With only three riders competing, it meant nobody could be left behind since the final time is taken once the third rider crosses the line. The typicall college team time trial consists of four riders, but Cumberland was without Shawn Mullican for the weekend.
The team's attention turned to the Sunday criterium, which comprised of a .7-mile loop around Jordan-Hare Stadium. Weather played a critical role in the early-morning event as rain fell on the area shortly before the race began. The roads dried shortly before the race started, but another brief shower late in the race played a role in the outcome. What was supposed to be a 70-minute-plus-three-lap race turned into a 60-minute event due to the dangerous conditions.
Despite the sketchy conditions, Fairbanks attacked the course and split away from the field along with Gaimon, Stewart and Luke Winger of Lees-McRae. The quartet lapped the field midway through the race. They stayed with the main pack for several laps before surging ahead once again.
That was when the rain returned to create slippery conditions on the course. A big crash sent several riders from the lead breakaway group to the pavement. Fairbanks and Winger crashed in Turn 1 with 20 minutes to go. Neither were seriously injured as they suffered only minor road rash. Riders who crash can take advantage of the "free-lap" rule and re-enter the race within their previous spot in the pack of riders.
"One lap I see Peter pushing the pace along with Scott Stewart, but the next time around Peter was missing," Hall said. "I immediately knew he had crashed somewhere on the course and only hoped it wasn't serious."
Winger didn't re-enter. But Fairbanks returned alongside the remaining two breakaway partners and the trio continued to build its advantage over the field.
Despite the crash, Fairbanks timed his attack perfectly, jumping ahead of Stewart and Gaimon with less than 500 meters to go. He held his lead for the last 100 meters and crossed the finish line by a bike length over Stewart for his second win of the season.
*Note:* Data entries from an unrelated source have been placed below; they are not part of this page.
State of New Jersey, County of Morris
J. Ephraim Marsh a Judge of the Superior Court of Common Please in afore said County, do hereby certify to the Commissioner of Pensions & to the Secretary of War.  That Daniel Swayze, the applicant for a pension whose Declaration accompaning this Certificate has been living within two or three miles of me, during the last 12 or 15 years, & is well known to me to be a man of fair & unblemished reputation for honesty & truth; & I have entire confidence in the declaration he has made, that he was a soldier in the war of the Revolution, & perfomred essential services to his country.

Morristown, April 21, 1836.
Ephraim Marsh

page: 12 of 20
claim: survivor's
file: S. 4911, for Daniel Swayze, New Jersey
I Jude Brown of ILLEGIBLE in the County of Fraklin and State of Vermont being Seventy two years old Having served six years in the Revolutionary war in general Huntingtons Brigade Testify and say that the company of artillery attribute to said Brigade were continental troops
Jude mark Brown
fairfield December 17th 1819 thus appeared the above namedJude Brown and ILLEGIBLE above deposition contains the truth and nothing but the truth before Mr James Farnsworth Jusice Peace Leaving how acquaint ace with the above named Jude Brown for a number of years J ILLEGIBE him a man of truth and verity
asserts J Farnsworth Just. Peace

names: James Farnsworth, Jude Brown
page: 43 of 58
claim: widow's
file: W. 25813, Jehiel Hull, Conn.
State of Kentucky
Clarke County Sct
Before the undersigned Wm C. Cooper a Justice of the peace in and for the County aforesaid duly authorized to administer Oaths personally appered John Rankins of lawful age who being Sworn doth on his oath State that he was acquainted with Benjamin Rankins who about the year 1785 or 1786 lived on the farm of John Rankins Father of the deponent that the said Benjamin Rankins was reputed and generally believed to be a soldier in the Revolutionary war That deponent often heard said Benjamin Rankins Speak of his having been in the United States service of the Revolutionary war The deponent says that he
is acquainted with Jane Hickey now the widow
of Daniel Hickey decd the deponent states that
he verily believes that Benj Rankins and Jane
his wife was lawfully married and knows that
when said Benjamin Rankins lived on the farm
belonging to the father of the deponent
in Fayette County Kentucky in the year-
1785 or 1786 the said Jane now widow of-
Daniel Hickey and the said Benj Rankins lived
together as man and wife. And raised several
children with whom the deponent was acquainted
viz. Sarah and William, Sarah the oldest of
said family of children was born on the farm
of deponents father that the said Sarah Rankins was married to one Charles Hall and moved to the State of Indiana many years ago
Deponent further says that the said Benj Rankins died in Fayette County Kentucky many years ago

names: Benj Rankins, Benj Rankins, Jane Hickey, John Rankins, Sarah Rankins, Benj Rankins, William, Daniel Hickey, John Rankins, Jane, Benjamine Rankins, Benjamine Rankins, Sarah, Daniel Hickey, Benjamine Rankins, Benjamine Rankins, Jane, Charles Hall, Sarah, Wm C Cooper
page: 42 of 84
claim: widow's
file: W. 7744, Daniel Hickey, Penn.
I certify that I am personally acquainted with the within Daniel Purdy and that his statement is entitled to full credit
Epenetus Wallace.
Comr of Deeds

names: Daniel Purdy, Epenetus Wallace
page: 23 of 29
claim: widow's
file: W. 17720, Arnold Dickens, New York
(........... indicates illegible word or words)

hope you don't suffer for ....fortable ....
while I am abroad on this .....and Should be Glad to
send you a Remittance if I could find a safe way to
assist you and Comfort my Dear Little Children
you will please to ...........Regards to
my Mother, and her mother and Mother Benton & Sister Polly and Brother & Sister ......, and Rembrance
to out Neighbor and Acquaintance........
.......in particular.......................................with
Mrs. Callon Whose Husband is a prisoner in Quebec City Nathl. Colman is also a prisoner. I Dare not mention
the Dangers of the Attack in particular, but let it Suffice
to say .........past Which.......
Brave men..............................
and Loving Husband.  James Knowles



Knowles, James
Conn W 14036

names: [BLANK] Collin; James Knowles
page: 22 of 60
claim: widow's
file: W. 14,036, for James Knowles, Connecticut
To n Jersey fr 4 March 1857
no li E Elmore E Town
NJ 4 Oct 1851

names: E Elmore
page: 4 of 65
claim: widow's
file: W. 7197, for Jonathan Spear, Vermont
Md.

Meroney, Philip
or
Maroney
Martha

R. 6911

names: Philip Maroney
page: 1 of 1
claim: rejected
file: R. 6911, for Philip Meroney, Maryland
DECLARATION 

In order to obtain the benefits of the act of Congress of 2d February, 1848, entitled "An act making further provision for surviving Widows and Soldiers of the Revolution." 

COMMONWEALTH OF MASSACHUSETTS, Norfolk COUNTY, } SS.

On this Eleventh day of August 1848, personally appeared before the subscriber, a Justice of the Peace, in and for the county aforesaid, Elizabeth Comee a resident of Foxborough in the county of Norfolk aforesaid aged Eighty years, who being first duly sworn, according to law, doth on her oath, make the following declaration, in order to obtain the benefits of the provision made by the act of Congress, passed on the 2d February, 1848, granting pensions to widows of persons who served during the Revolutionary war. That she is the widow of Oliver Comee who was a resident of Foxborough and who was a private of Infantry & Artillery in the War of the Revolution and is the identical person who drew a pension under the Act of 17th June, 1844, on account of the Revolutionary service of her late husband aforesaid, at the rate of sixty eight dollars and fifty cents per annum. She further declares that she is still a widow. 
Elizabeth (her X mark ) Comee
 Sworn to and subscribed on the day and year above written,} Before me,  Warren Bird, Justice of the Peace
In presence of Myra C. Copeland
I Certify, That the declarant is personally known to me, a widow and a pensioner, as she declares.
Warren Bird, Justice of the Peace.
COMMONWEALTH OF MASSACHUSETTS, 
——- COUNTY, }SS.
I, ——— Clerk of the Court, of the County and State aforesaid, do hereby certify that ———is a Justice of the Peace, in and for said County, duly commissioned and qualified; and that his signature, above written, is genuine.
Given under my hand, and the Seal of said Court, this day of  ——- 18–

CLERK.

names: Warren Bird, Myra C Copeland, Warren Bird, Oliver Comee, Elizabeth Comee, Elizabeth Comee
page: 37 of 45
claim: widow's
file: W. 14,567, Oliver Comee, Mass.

"What more can you say about Peter?," Hall said. "He was determined to not repeat his second-place finish and demonstrated why he's one of the toughest riders in our conference. We are very fortunate to have a rider of his ability within our program. Not only that, but his influence on everyone else helps to raise their abilities as well."
Cumberland's next event will be at Lees-McRae College in Banner Elk, N.C., before the regular season-ending conference championships in Nashville April 21-22.
"These last two race weekends are critical for our team," Hall said. "Both are great preparation for collegiate road nationals in early May, which is our biggest target for the season."
The nationals will be May 11-13 in Lawrence, Kans.